→ Required action: Wherever the records include pictures, skip them and transcribe all the rest word for word.

→ Provided entries:
====

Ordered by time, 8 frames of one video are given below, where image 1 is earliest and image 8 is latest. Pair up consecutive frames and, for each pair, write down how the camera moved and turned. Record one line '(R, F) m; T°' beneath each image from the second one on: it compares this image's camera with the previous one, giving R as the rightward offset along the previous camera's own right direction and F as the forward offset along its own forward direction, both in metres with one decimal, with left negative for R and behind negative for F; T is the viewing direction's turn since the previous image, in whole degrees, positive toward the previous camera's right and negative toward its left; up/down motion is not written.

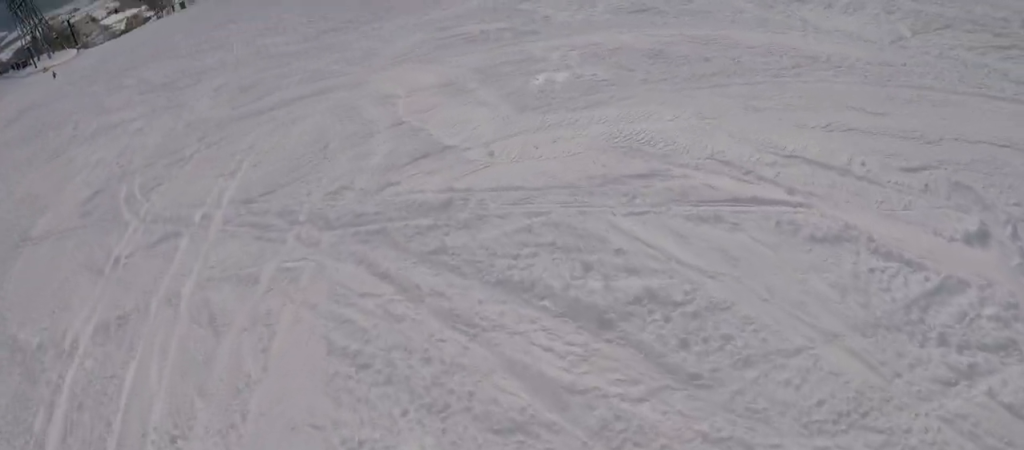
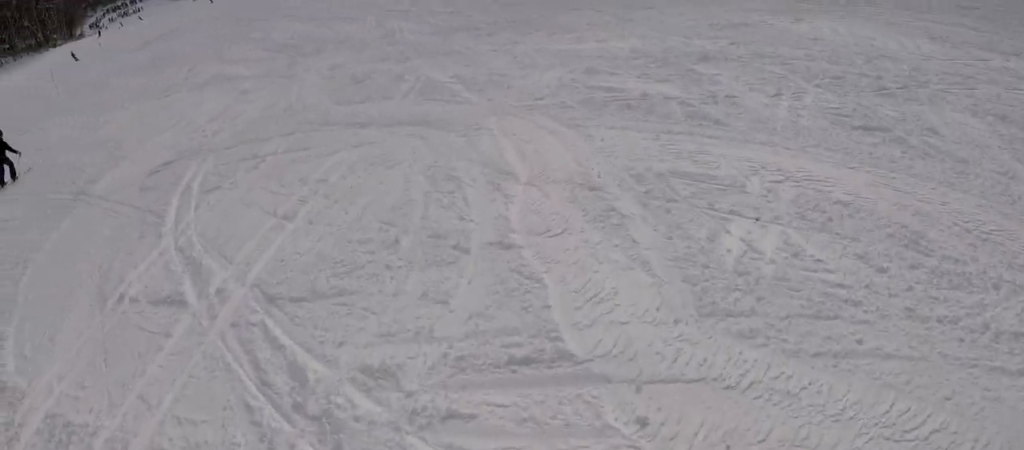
(-0.6, +2.0) m; -23°
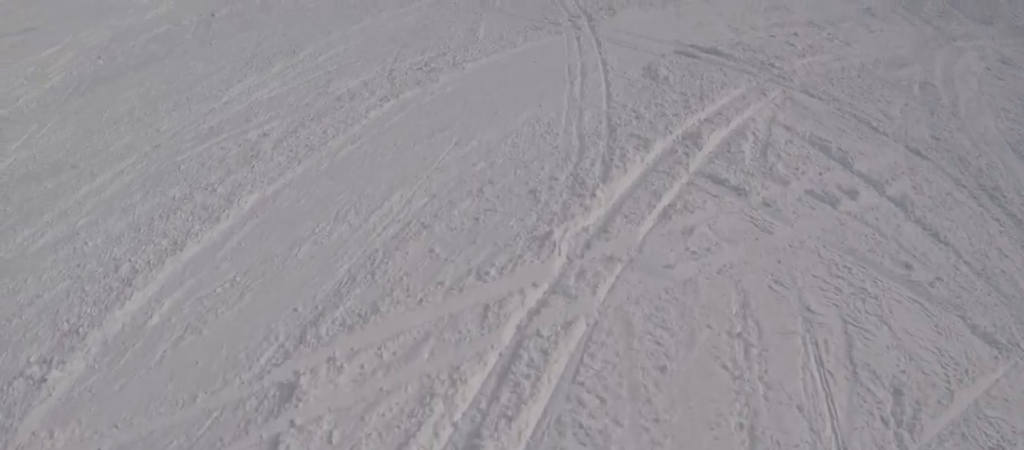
(-0.4, +5.0) m; +9°
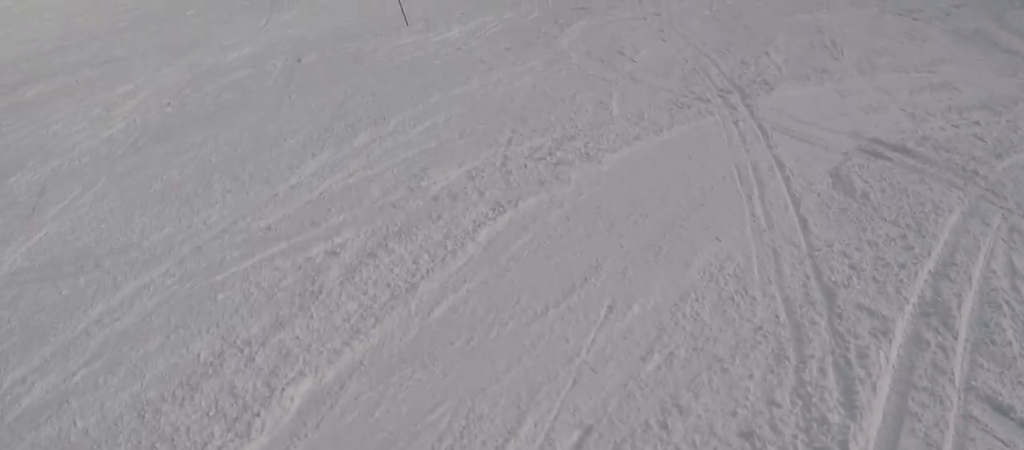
(-0.4, +1.8) m; +13°
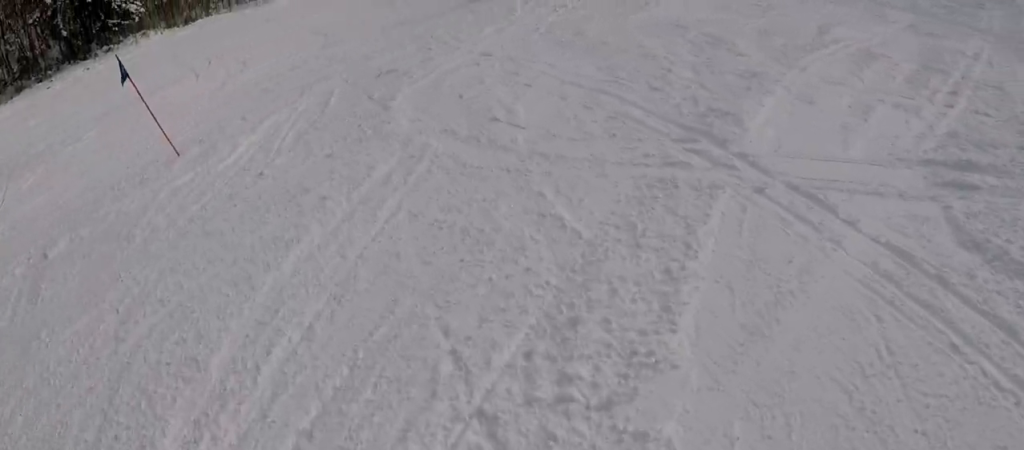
(+1.2, +2.7) m; -1°
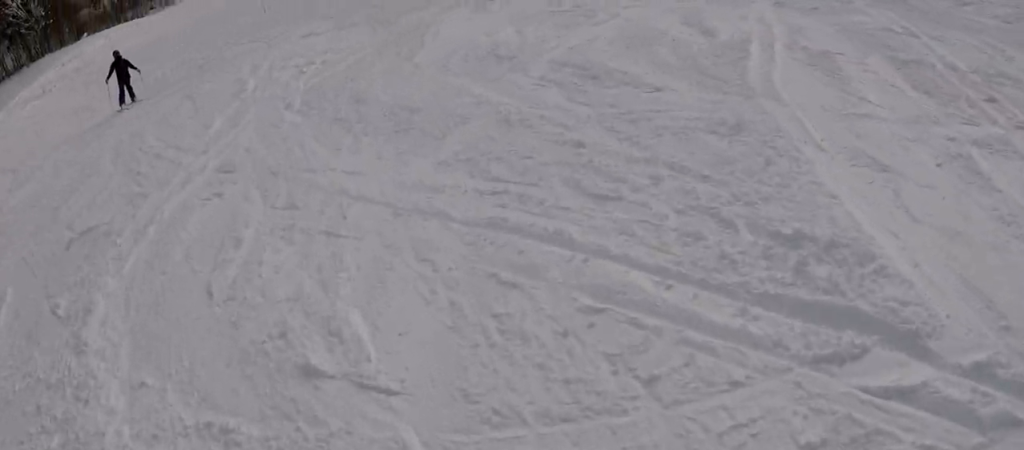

====

→ Your solution:
Ordered by time, 8 frames of one video are given below, where image 1 is earliest and image 8 is latest. Pair up consecutive frames and, for each pair, write down how the camera moved and turned. Record one line '(R, F) m; T°' beneath each image from the second one on: it compares this image's camera with the previous one, giving R as the rightward offset along the previous camera's own right direction and F as the forward offset along its own forward direction, both in metres with one decimal, with left negative for R and behind negative for F; T is the viewing direction's turn since the previous image, in whole degrees, positive toward the previous camera's right and negative toward its left; up/down motion is not written.

(-0.6, +2.0) m; -23°
(-0.4, +5.0) m; +9°
(-0.4, +1.8) m; +13°
(+1.2, +2.7) m; -1°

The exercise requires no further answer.